Zhou L, Hripcsak G. Temporal reasoning with medical data: a review with emphasis on medical natural language processing. J Biomed Inform. 2007 Apr;40(2):183-202.

Natural language processing (NLP) is a subfield of artificial intelligence and linguistics that strives to create computer systems that can extract computable information from human languages or convert information from computer databases into human languages.

Medical language processing (MLP) is a sub-specialty of NLP that focuses on medical narrative text. In the article “Temporal reasoning with medical data--a review with emphasis on medical natural language processing”, the authors review the history and current status of research into medical language processing with a focus on the processing of information about time.

Time is very important in medicine. The expression of time is vital in assessing the effectiveness of treatments and the progress of disease. For example, the duration of time that a patient has had symptoms may be an importance clue in diagnosis. Having the ability to extract time information from medical narratives into computable forms could be very beneficial in clinical information systems such as EHRs and decision support systems.

Unfortunately, it is very challenging to extract time information from natural language. Information about time can be conveyed through different parts of speech such as verb tense, conjunctions (while, whenever, before, as soon as), and adverbs (then, soon, and recent). Also some expressions for temporal information can be vague (e.g.by the time, hardly ever, so far). It is even more difficult to process time information in medical language than in general language. First of all, medical language can be terse. It often omits verbs or consists of sentence fragments. Abbreviations and misspellings are common. Medical language also contains specialized time terms such as “q.i.d” and “post-op #6” (6 days after surgery).

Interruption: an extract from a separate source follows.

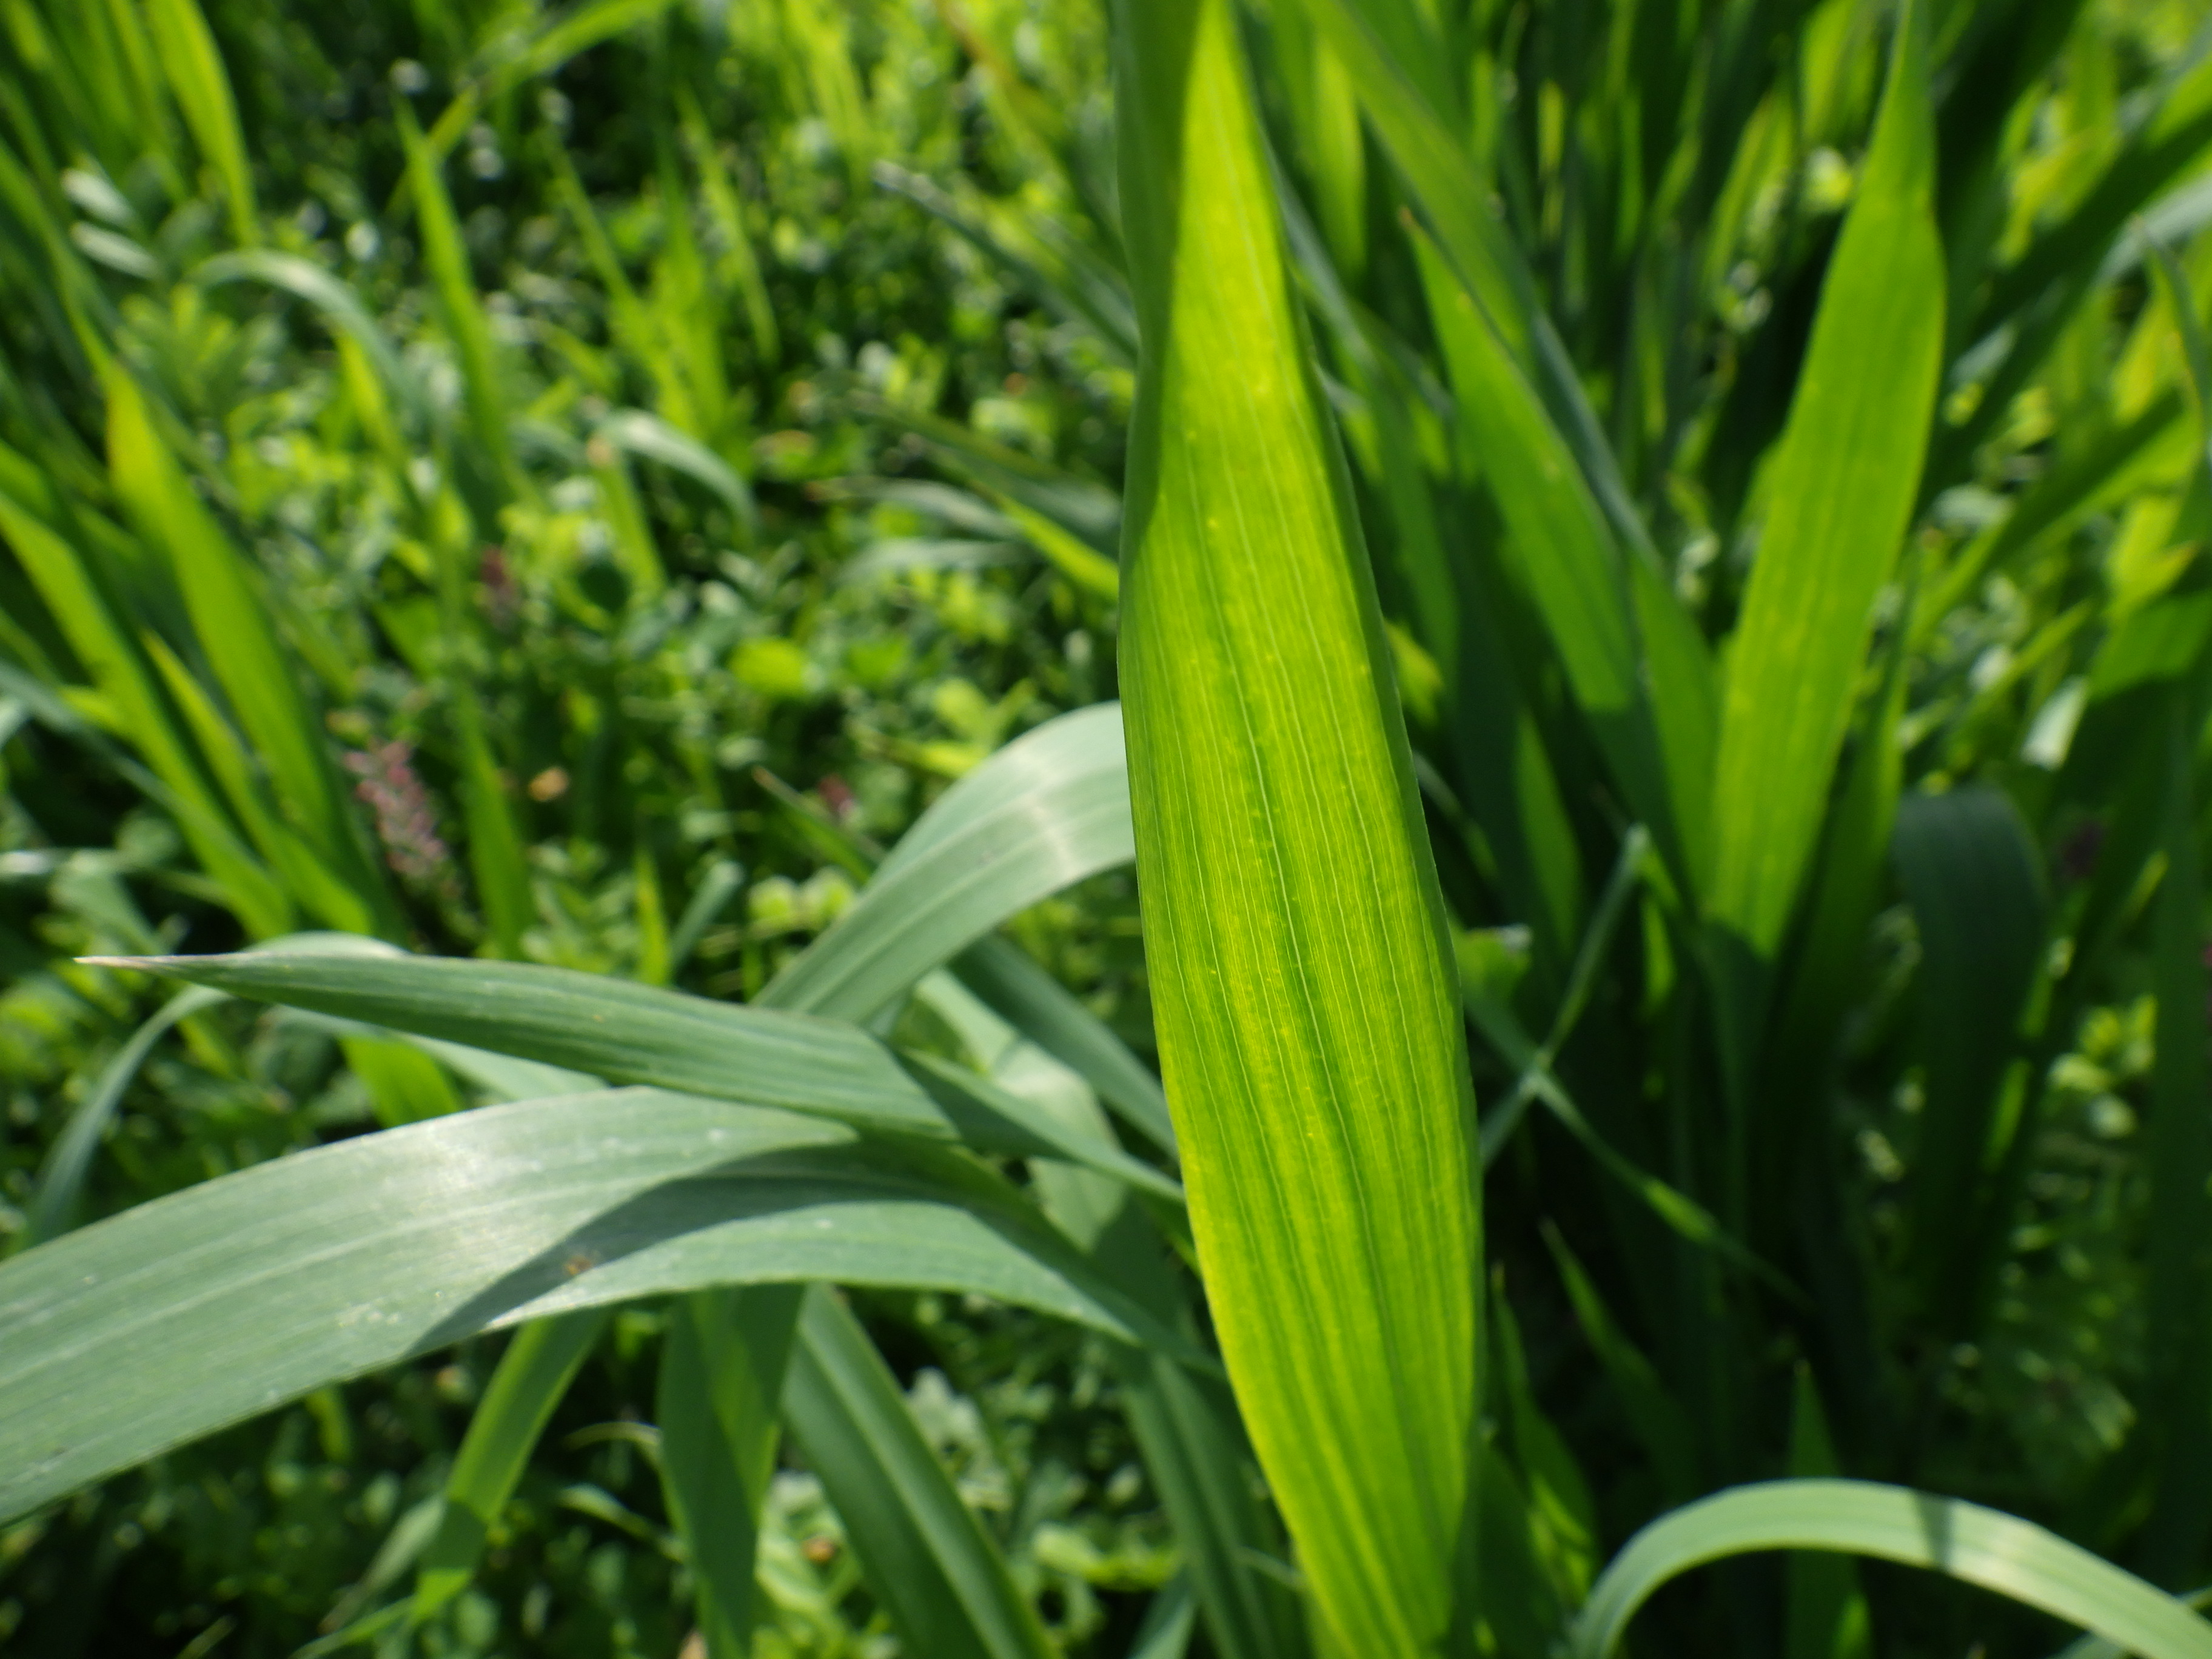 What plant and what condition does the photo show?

wheat, healthy
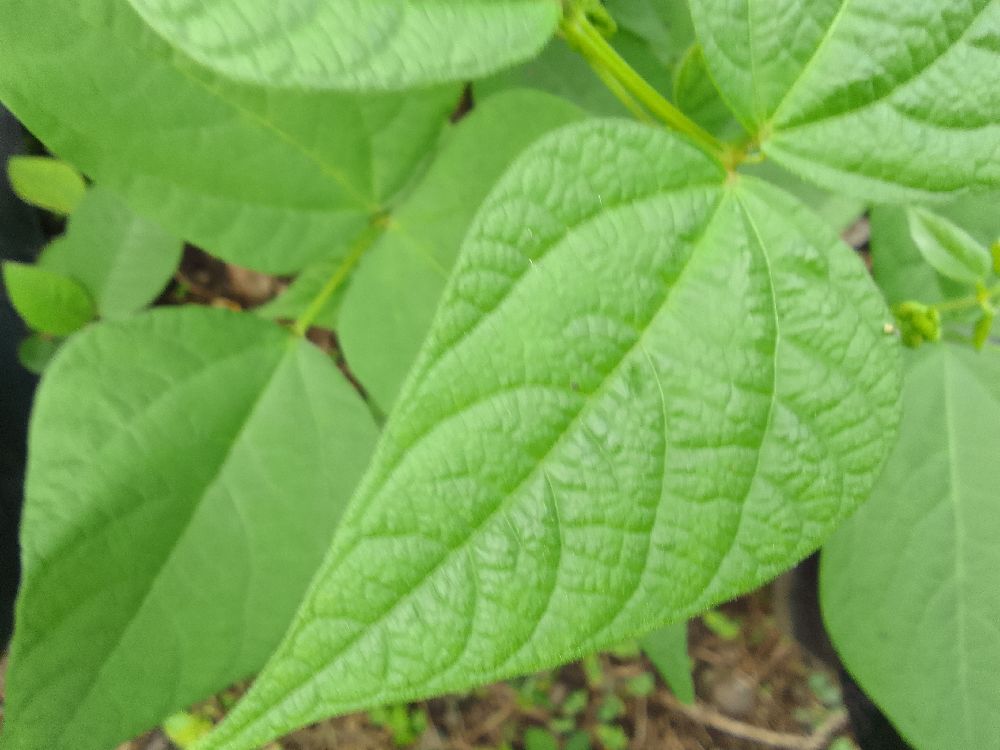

In this article, the authors follow a top-down approach in explaining medical language processing of temporal information. They first discuss the branch of artificial intelligence that studies temporal representation and reasoning (TRR). They briefly describe the main terms and concepts in TRR such as ways to classify time (natural, conventional, or logical), ways to classify the structure of time (line, branching time, circular time, parallel time), and methodologies such as Situation Calculus, Event Calculus, Fluent Calculus, and TimeML. They also provide a timeline of the major research studies of temporal processing in natural language.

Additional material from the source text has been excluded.